Example of a two-sample problem
A school board would like to investigate whether the school performance of students with a new learning method have (eg e-learning) improved. The school performance of a random sample of 43 students will be measured by an appropriate assay. After that, the students are confronted with the new learning method. After the confrontation, the school performance of the same students refile. The school board operates with the obtained observations by a right-sided sign test:
To evaluate the frequencies of the sign ( , -, =) to determine the differences:
At 25 students, the services have improved. Eleven students were poor and at seven they stayed the same. Can we conclude from this result that the new learning method in the population has a positive effect?
Bonds
The sample size is reduced by the number of bonds.
Binomial
When using the binomial distribution as the test results on a ( maximum ) level of significance of 0.05, a critical value of 23 (0.95 - quantile of the binomial distribution, p- value = 0.01441 ).
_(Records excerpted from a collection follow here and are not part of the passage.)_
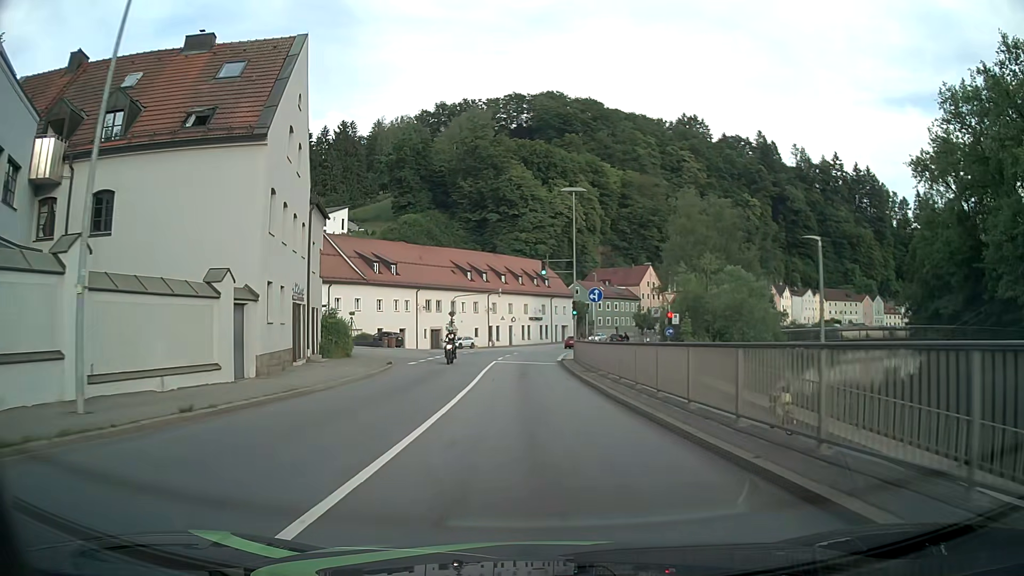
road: primary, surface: asphalt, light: Day
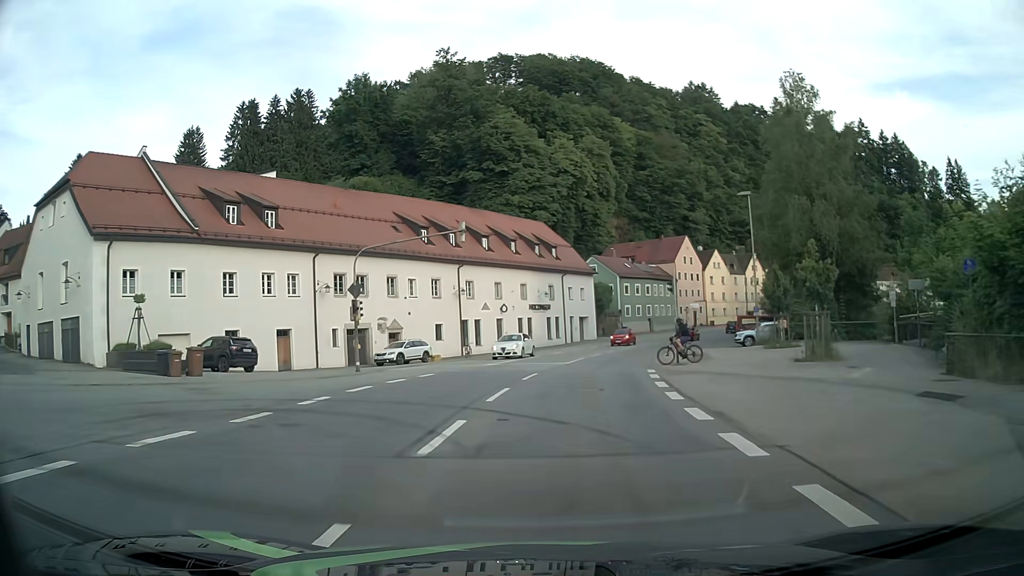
(-0.9, +38.1) m; 0°
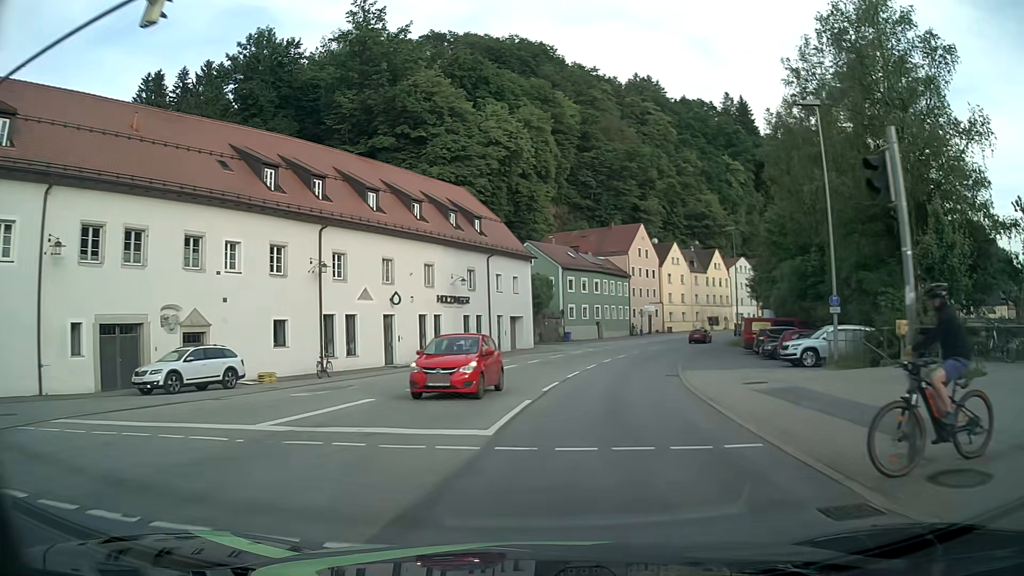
(+0.8, +20.3) m; +6°
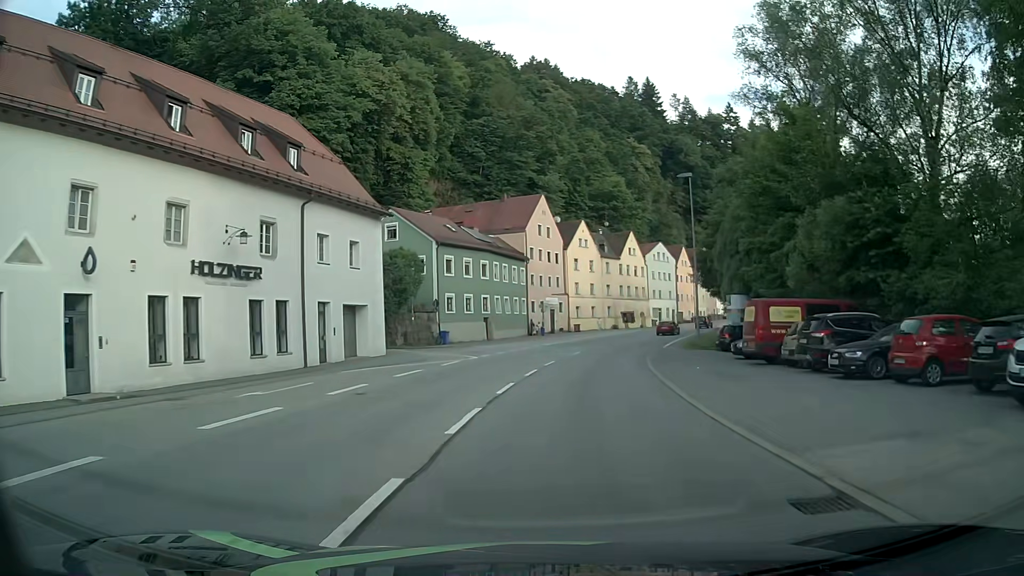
(+1.6, +20.0) m; +9°
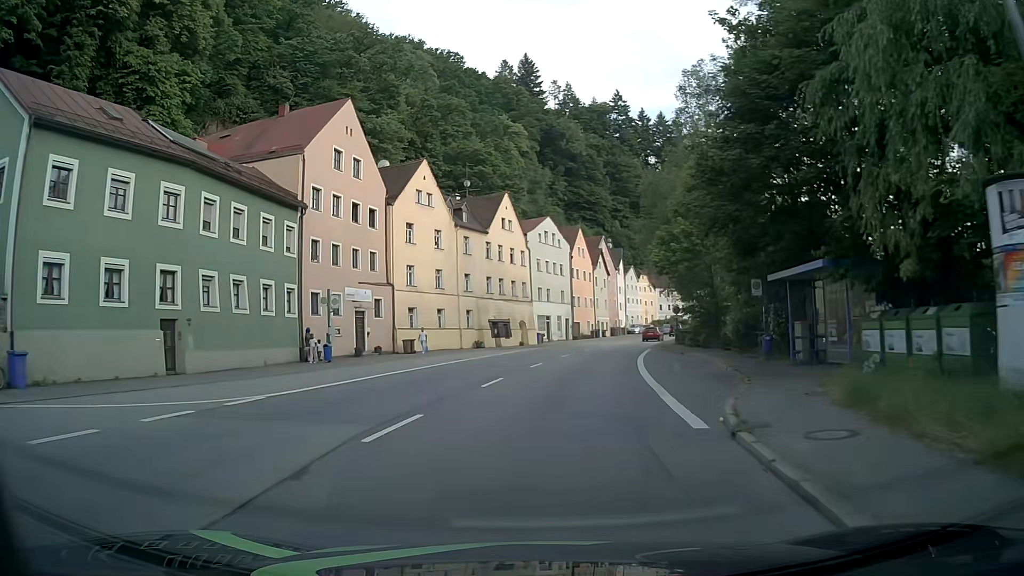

Since 25 > 23, the null hypothesis is rejected ( no improvement). The school authorities can close so after such a result that e -learning has a positive impact on school performance.
Normalverteilungsapproximation
The critical value of the standard normal distribution for α = 0.05 is 1.6449 (0.95 - quantile of the standard normal distribution).
The approximation of the distribution of the test statistics by the normal distribution is
With an associated p- value, ie the probability that the test value obtained or greater occurs under the null hypothesis of. The school authorities can close at a significance level of 5 % also here that e -learning has a positive impact on school performance.